Literate Programming, Code Readability

December 28, 2020

Recently, I heard about a concept called Literate Programming. It’s an approach that focuses on letting people write code for people, rather than in a way dictated by the language or computer. It sort of combines prose and code together, in a more human-friendly way.

I admittedly know very little about it at the moment, but it seems like an interesting way to try to improve code maintenance. It reminds me of some clean code patterns–specifically, writing methods that stay at the right abstraction level. I’m interested in trying to tie together the two ideas.

An Example

Here’s an example from Physically Based Rendering, which is where I found out about literate programming:

<<Main program>>= 
int main(int argc, char *argv[]) {
    Options options;
    std::vector<std::string> filenames;
    <<Process command-line arguments>> 
    pbrtInit(options);
    <<Process scene description>> 
    pbrtCleanup();
    return 0;
}

While some of this is code, some of it is also not code–namely the lines with <<>> in them. There are three such lines here; they specify main program, processing command-line args, and processing the scene description. The main program line is a definition, indicated by the =. The others are, essentially, code that is defined elsewhere.

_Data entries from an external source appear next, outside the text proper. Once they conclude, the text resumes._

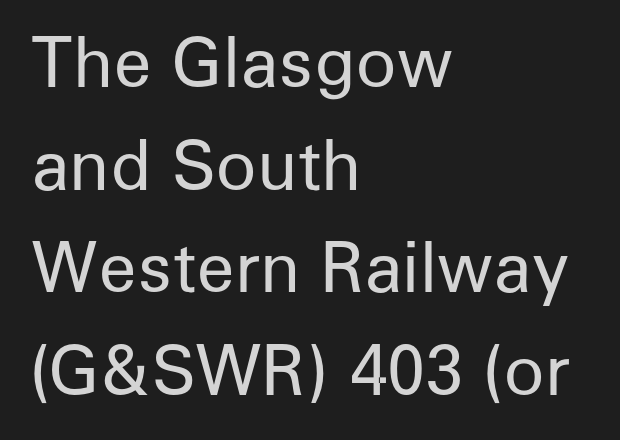
Q: Is the text bold? A: No.
Q: Is the text italic (slanted)? A: No, it is upright.
Q: Is the typeface a serif or a sans-serif typeface? A: Sans-serif.
Q: Is the text underlined? A: No.
Q: How is the paragraph aligned? A: Left-aligned.
Q: Is the spacing between letters normal or unusually wide? A: Normal.
Q: Is the spacing between lines tight, normal or loose? A: Normal.
Q: Width (condensed, normal, or wide)? A: Normal.
Q: Stroke contrast? A: Low.
Q: x-height? A: Medium.
Q: Monospaced? A: No.
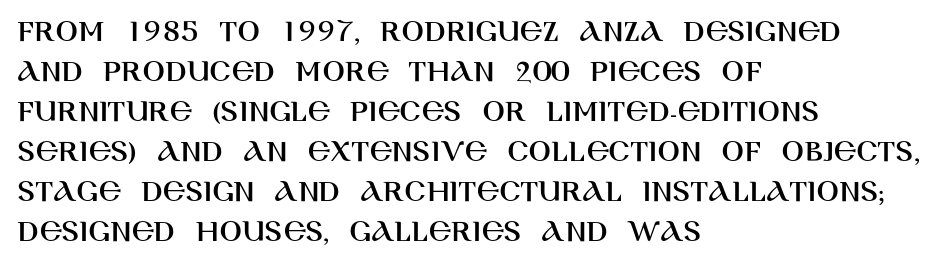
Check under the words: just untouched page. Here the designer chose a conventional face with non-uniform glyph widths. Are there feet on the stems? There aren't — it's a sans. Ordinary non-slanted type is in use.
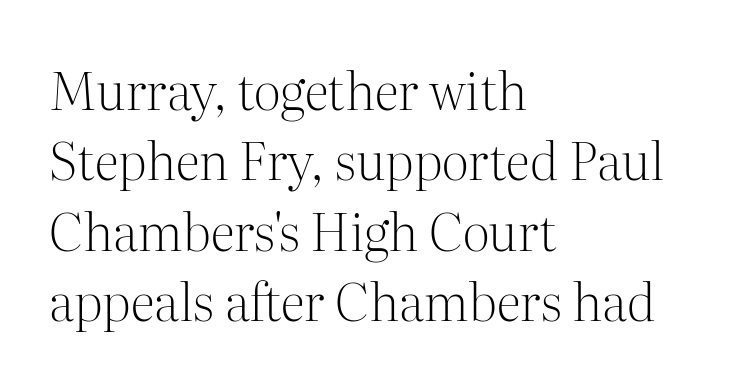
{"serif": "yes", "italic": "no", "bold": "no", "weight": "light", "width": "normal", "stroke_contrast": "medium", "x_height": "medium", "monospaced": "no", "underline": "no", "align": "left", "line_spacing": "normal", "line_spacing_ratio": 1.38, "letter_spacing": "normal", "letter_spacing_em": 0.0, "glyph_px": 51}

Here’s the code for processing the scene description:

<<Process scene description>>= 
if (filenames.size() == 0) {
    <<Parse scene from standard input>> 
} else {
    <<Parse scene from input files>> 
}

My understanding is that this code is “inserted” at the appropriate place in main program via a preprocessing step. The code that gets compiled looks as if you had just written this code in main.

This is not a function call, but (for me) it’s easier to think about as if it is.

The thing that excites me here is that this is a form of abstraction. It’s a more conceptual abstraction than technical abstraction, but it’s still abstraction.

Abstraction Levels

Now, abstraction levels. Whenever we discuss a topic, there are multiple “levels” that we can discuss it at.

The principle here: keep explanations at the same level.

Another way to phrase this: explain what you are doing, not how you are doing it.

A Good Example

For example, to get changed, I do three things:

Select a new outfit.
Take off the clothes I’m wearing.
Put on the clothes I’ve selected.

You now understand what I do to get changed. You’d also understand this code:

void changeClothes() {
	Collction<Garment> newOutfit = selectOutfit();
	takeOffCurrentClothes();
	putOn(newOutfit);
}

Both the English and the code examples stay at the same abstraction level.

A Bad Example

That example might have seemed painfully simple and/or stupid. It helps to contrast against an example where we don’t stay at a single level. Consider this approach to changing clothes:

Go through each garment I own.
If it’s dirty, ignore it.
If it’s clean and it’s the first clean garment of that type (shirt, pants, socks, etc.), take it.
Ignore all the other ones.
Go through each item I’m currently wearing.
Take it off.
Go through each item I picked out.
Put it on.

This explanation gets obnoxiously into details that you don’t care about. And that’s only going one level deeper–imagine if we tried to explain what “putting on” an individual item means.

In Practice

In practice, this gets you pretty far. However, there are some scenarios where writing things at the right level seems either hard to determine or obnoxious to do.

I have thoughts on this, but getting into it is a bit out of scope. I’m going to move on.

Synthesis

Both of these approaches aim for the same thing: abstraction. Literate programming and function extraction work very differently, but the overall shape and goal are very close.

The ultimate question I’m interested in: what practices should I follow to write maintainable code?

There are sub-questions here as well. Literate programming seems powerful–should I use it? Is it still relevant? If yes, why haven’t I heard about it until now?

For the latter questions, in a nutshell, it seems rather inconvenient to do (based on this source). In particular, it seems like tooling is lacking and literate programming might not adapt well when code is significantly changed.

However, literate programming makes it very obvious what is going on because that’s how you must write your code. That seems like the essence that I’d want to take away.

Hypothesis

I’ll close on what I think should be followed.

The main heuristic: aim for readers to never have to figure out what you’re doing.

Stated differently, I never want to have to figure out what your code is trying to do. I want to already know what a piece of code aims to do. Then, I can decide whether or not it actually does that.

The main strategy to accomplishing this is to make code simple enough to follow. One key technique is the one we already looked at: function extraction. Or to be more precise, naming. The name that we give a piece of code should often explain what it aims to do.

Naming isn’t enough, however. There are times when a name can’t fully capture what a reader has to be aware of. That’s where documentation and comments come in. Notably, I think there should be a comment that explains each step during a method.

I’d also say that the bar should be very low for whether or not something deserves a comment. I believe that only obvious things don’t need comments and that most things aren’t obvious.